**What this task involves:** Exclude all pictures from your copy of the data below, which should otherwise match exactly.

○ ○ ○ ○

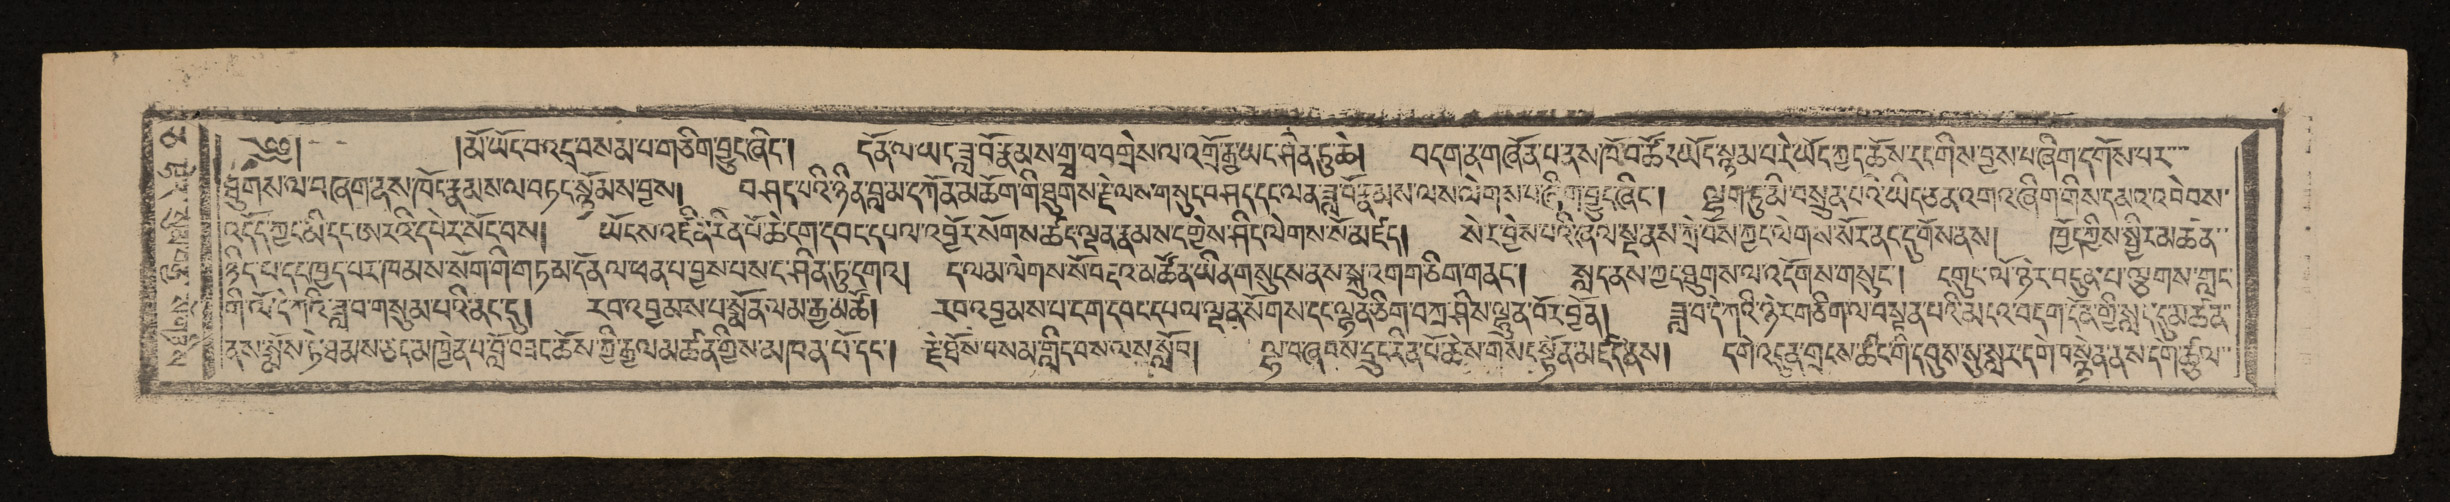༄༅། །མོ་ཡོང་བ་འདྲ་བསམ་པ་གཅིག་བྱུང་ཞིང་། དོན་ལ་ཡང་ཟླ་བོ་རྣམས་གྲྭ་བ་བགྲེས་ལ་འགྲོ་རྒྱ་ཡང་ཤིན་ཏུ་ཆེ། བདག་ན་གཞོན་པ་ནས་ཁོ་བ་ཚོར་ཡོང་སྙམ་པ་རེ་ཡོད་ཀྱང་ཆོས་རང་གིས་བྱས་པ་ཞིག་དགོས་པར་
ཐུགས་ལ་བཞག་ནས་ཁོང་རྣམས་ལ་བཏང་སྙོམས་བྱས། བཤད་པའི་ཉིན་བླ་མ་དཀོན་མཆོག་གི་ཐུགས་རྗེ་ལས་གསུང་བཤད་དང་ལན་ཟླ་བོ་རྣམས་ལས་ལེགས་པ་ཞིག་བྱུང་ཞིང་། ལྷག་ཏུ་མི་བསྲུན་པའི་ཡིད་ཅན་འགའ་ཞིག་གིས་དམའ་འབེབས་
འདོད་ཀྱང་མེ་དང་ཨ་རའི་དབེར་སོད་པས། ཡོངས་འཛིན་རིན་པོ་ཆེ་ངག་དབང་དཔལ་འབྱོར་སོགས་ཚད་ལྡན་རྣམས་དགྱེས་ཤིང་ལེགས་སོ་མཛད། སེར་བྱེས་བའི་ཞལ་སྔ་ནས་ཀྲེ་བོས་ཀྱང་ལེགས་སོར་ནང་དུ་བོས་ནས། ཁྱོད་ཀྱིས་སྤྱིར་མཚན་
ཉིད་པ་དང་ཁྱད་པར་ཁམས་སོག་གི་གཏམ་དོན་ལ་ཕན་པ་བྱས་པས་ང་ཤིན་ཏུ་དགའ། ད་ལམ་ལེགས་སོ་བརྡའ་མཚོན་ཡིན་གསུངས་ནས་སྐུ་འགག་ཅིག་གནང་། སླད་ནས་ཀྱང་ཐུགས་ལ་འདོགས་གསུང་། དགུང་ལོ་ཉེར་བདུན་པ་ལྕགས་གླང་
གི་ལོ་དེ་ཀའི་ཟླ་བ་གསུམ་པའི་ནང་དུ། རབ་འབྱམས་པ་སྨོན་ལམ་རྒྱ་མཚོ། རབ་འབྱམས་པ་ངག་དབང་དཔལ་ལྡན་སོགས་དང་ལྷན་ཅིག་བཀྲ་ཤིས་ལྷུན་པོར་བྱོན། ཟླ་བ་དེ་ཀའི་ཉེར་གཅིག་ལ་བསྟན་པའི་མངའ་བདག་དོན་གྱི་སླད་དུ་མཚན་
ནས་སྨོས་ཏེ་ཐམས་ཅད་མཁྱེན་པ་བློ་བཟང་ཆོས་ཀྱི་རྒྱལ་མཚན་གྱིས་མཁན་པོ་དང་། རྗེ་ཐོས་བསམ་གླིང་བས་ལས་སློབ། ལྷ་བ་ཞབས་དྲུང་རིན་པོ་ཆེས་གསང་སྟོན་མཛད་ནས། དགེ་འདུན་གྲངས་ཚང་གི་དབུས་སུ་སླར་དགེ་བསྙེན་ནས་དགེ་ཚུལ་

○ ○ ○ ○

**Solution:**
༄༅། །མོ་ཡོང་བ་འདྲ་བསམ་པ་གཅིག་བྱུང་ཞིང་། དོན་ལ་ཡང་ཟླ་བོ་རྣམས་གྲྭ་བ་བགྲེས་ལ་འགྲོ་རྒྱ་ཡང་ཤིན་ཏུ་ཆེ། བདག་ན་གཞོན་པ་ནས་ཁོ་བ་ཚོར་ཡོང་སྙམ་པ་རེ་ཡོད་ཀྱང་ཆོས་རང་གིས་བྱས་པ་ཞིག་དགོས་པར་
ཐུགས་ལ་བཞག་ནས་ཁོང་རྣམས་ལ་བཏང་སྙོམས་བྱས། བཤད་པའི་ཉིན་བླ་མ་དཀོན་མཆོག་གི་ཐུགས་རྗེ་ལས་གསུང་བཤད་དང་ལན་ཟླ་བོ་རྣམས་ལས་ལེགས་པ་ཞིག་བྱུང་ཞིང་། ལྷག་ཏུ་མི་བསྲུན་པའི་ཡིད་ཅན་འགའ་ཞིག་གིས་དམའ་འབེབས་
འདོད་ཀྱང་མེ་དང་ཨ་རའི་དབེར་སོད་པས། ཡོངས་འཛིན་རིན་པོ་ཆེ་ངག་དབང་དཔལ་འབྱོར་སོགས་ཚད་ལྡན་རྣམས་དགྱེས་ཤིང་ལེགས་སོ་མཛད། སེར་བྱེས་བའི་ཞལ་སྔ་ནས་ཀྲེ་བོས་ཀྱང་ལེགས་སོར་ནང་དུ་བོས་ནས། ཁྱོད་ཀྱིས་སྤྱིར་མཚན་
ཉིད་པ་དང་ཁྱད་པར་ཁམས་སོག་གི་གཏམ་དོན་ལ་ཕན་པ་བྱས་པས་ང་ཤིན་ཏུ་དགའ། ད་ལམ་ལེགས་སོ་བརྡའ་མཚོན་ཡིན་གསུངས་ནས་སྐུ་འགག་ཅིག་གནང་། སླད་ནས་ཀྱང་ཐུགས་ལ་འདོགས་གསུང་། དགུང་ལོ་ཉེར་བདུན་པ་ལྕགས་གླང་
གི་ལོ་དེ་ཀའི་ཟླ་བ་གསུམ་པའི་ནང་དུ། རབ་འབྱམས་པ་སྨོན་ལམ་རྒྱ་མཚོ། རབ་འབྱམས་པ་ངག་དབང་དཔལ་ལྡན་སོགས་དང་ལྷན་ཅིག་བཀྲ་ཤིས་ལྷུན་པོར་བྱོན། ཟླ་བ་དེ་ཀའི་ཉེར་གཅིག་ལ་བསྟན་པའི་མངའ་བདག་དོན་གྱི་སླད་དུ་མཚན་
ནས་སྨོས་ཏེ་ཐམས་ཅད་མཁྱེན་པ་བློ་བཟང་ཆོས་ཀྱི་རྒྱལ་མཚན་གྱིས་མཁན་པོ་དང་། རྗེ་ཐོས་བསམ་གླིང་བས་ལས་སློབ། ལྷ་བ་ཞབས་དྲུང་རིན་པོ་ཆེས་གསང་སྟོན་མཛད་ནས། དགེ་འདུན་གྲངས་ཚང་གི་དབུས་སུ་སླར་དགེ་བསྙེན་ནས་དགེ་ཚུལ་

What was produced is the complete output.